**What to produce:**
From the records below, please repeat exactly the line that has "-52 85 c-71", the line that has "6.132h12.674L8.583 1.533 9.812.305", and every line between them, and nothing else.

============

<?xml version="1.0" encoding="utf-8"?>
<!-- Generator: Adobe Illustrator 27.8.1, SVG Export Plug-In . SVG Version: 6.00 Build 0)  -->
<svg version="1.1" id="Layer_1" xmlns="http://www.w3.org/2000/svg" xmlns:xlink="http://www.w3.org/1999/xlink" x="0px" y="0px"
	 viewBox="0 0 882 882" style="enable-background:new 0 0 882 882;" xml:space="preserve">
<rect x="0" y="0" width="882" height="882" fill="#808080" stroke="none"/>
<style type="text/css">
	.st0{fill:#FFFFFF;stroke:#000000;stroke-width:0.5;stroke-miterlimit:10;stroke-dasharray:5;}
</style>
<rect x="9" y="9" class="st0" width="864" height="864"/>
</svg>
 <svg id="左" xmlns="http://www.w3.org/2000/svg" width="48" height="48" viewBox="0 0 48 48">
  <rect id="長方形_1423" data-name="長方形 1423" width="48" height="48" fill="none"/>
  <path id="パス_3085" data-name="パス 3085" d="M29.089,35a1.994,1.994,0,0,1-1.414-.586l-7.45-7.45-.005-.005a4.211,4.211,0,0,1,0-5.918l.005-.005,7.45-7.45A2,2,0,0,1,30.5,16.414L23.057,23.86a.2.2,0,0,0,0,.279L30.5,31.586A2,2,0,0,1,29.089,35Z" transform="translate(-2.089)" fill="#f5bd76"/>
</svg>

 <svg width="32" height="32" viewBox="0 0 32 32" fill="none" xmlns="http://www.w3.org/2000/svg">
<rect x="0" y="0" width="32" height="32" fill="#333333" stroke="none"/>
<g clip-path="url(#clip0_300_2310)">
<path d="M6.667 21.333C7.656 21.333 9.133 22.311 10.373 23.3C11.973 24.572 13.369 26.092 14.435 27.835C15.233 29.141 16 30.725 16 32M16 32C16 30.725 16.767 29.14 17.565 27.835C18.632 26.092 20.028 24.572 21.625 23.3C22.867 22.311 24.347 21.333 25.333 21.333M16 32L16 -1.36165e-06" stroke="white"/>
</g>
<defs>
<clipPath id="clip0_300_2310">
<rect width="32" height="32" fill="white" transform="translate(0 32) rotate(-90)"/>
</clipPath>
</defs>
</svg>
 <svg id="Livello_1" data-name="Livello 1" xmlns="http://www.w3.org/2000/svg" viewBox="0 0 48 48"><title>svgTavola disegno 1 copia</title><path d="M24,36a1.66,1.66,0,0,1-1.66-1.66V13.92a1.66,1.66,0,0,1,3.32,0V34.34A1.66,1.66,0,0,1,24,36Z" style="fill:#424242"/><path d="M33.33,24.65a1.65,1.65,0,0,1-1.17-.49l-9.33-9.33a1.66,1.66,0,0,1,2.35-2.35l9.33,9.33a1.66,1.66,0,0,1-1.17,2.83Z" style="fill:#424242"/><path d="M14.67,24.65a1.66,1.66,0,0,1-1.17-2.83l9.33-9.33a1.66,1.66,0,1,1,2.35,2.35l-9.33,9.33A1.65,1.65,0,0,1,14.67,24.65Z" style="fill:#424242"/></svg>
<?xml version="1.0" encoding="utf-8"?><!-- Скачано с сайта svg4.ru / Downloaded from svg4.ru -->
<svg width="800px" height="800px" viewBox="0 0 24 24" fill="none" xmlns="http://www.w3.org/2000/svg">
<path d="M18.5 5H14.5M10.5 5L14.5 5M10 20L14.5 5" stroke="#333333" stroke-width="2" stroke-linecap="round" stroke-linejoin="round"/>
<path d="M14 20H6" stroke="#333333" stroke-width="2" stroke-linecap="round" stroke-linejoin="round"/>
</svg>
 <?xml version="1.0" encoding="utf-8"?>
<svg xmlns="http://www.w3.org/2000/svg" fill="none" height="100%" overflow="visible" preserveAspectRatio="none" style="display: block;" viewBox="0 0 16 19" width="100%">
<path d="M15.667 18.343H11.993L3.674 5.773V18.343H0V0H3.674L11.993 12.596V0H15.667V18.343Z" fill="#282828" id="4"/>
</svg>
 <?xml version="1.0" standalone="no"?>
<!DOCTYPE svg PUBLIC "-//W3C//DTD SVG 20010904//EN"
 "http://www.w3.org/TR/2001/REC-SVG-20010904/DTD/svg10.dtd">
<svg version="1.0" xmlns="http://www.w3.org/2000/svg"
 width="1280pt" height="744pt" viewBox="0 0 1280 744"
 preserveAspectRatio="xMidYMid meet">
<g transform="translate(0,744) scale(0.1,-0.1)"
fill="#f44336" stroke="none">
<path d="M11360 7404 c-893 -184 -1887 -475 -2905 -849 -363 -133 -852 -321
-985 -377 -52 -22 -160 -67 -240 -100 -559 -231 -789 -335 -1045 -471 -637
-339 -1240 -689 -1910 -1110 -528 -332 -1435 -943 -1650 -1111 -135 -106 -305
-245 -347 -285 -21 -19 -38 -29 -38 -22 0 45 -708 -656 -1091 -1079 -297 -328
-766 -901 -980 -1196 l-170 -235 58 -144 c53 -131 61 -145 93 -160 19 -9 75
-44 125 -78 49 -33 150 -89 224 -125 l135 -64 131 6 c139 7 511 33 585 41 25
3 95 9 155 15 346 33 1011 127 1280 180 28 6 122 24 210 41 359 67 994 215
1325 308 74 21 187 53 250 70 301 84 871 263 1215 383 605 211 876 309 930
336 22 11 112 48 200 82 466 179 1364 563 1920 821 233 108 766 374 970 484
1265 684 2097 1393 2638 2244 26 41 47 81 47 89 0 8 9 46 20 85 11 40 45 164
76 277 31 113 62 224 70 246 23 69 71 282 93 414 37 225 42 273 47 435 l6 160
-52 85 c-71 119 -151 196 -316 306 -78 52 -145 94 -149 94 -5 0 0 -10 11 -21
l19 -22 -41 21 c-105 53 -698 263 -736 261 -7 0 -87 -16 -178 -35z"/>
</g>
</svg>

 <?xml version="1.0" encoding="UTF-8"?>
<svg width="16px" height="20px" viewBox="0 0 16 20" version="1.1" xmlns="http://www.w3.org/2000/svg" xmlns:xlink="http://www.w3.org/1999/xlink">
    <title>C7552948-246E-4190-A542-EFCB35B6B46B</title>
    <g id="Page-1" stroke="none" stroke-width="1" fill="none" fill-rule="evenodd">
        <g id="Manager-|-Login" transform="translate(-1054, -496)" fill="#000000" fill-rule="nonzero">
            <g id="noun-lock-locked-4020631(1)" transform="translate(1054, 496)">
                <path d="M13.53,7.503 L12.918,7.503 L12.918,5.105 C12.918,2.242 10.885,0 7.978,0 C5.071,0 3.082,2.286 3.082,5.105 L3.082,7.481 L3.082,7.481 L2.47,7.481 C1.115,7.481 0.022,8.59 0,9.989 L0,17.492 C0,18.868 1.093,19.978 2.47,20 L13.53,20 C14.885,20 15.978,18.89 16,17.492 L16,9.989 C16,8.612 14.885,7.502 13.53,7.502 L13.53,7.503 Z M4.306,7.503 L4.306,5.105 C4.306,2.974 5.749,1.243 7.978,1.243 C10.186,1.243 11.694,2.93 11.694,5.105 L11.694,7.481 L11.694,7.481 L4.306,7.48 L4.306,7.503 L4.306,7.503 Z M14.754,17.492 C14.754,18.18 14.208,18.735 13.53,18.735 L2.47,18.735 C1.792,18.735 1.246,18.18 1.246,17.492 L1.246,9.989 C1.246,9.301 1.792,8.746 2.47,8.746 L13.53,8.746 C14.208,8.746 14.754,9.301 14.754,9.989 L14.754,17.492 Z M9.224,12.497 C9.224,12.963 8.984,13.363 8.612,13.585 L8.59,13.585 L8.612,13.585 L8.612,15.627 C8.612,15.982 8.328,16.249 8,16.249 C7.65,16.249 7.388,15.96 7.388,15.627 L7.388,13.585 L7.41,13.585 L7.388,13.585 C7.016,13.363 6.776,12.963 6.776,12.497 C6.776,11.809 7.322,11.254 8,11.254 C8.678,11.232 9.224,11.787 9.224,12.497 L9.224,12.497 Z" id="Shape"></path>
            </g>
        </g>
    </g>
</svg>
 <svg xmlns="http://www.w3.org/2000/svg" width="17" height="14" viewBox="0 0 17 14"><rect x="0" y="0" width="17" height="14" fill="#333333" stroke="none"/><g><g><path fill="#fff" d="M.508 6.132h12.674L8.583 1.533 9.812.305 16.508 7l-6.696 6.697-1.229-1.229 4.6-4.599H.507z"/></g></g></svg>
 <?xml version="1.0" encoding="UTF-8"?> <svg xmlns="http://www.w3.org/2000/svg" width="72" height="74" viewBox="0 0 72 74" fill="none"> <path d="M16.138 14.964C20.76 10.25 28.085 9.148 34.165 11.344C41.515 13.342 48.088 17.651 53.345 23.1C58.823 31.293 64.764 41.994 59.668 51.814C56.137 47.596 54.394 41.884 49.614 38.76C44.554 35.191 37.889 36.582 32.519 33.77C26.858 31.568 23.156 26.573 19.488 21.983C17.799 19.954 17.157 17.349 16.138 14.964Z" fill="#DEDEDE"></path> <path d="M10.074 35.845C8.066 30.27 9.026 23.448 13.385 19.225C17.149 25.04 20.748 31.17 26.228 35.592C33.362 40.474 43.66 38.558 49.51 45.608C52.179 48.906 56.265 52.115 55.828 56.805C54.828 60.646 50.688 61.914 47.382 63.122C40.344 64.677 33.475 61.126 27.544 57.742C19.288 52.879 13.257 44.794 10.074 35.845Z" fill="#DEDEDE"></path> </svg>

============

**The answer:**
-52 85 c-71 119 -151 196 -316 306 -78 52 -145 94 -149 94 -5 0 0 -10 11 -21
l19 -22 -41 21 c-105 53 -698 263 -736 261 -7 0 -87 -16 -178 -35z"/>
</g>
</svg>

 <?xml version="1.0" encoding="UTF-8"?>
<svg width="16px" height="20px" viewBox="0 0 16 20" version="1.1" xmlns="http://www.w3.org/2000/svg" xmlns:xlink="http://www.w3.org/1999/xlink">
    <title>C7552948-246E-4190-A542-EFCB35B6B46B</title>
    <g id="Page-1" stroke="none" stroke-width="1" fill="none" fill-rule="evenodd">
        <g id="Manager-|-Login" transform="translate(-1054, -496)" fill="#000000" fill-rule="nonzero">
            <g id="noun-lock-locked-4020631(1)" transform="translate(1054, 496)">
                <path d="M13.53,7.503 L12.918,7.503 L12.918,5.105 C12.918,2.242 10.885,0 7.978,0 C5.071,0 3.082,2.286 3.082,5.105 L3.082,7.481 L3.082,7.481 L2.47,7.481 C1.115,7.481 0.022,8.59 0,9.989 L0,17.492 C0,18.868 1.093,19.978 2.47,20 L13.53,20 C14.885,20 15.978,18.89 16,17.492 L16,9.989 C16,8.612 14.885,7.502 13.53,7.502 L13.53,7.503 Z M4.306,7.503 L4.306,5.105 C4.306,2.974 5.749,1.243 7.978,1.243 C10.186,1.243 11.694,2.93 11.694,5.105 L11.694,7.481 L11.694,7.481 L4.306,7.48 L4.306,7.503 L4.306,7.503 Z M14.754,17.492 C14.754,18.18 14.208,18.735 13.53,18.735 L2.47,18.735 C1.792,18.735 1.246,18.18 1.246,17.492 L1.246,9.989 C1.246,9.301 1.792,8.746 2.47,8.746 L13.53,8.746 C14.208,8.746 14.754,9.301 14.754,9.989 L14.754,17.492 Z M9.224,12.497 C9.224,12.963 8.984,13.363 8.612,13.585 L8.59,13.585 L8.612,13.585 L8.612,15.627 C8.612,15.982 8.328,16.249 8,16.249 C7.65,16.249 7.388,15.96 7.388,15.627 L7.388,13.585 L7.41,13.585 L7.388,13.585 C7.016,13.363 6.776,12.963 6.776,12.497 C6.776,11.809 7.322,11.254 8,11.254 C8.678,11.232 9.224,11.787 9.224,12.497 L9.224,12.497 Z" id="Shape"></path>
            </g>
        </g>
    </g>
</svg>
 <svg xmlns="http://www.w3.org/2000/svg" width="17" height="14" viewBox="0 0 17 14"><rect x="0" y="0" width="17" height="14" fill="#333333" stroke="none"/><g><g><path fill="#fff" d="M.508 6.132h12.674L8.583 1.533 9.812.305 16.508 7l-6.696 6.697-1.229-1.229 4.6-4.599H.507z"/></g></g></svg>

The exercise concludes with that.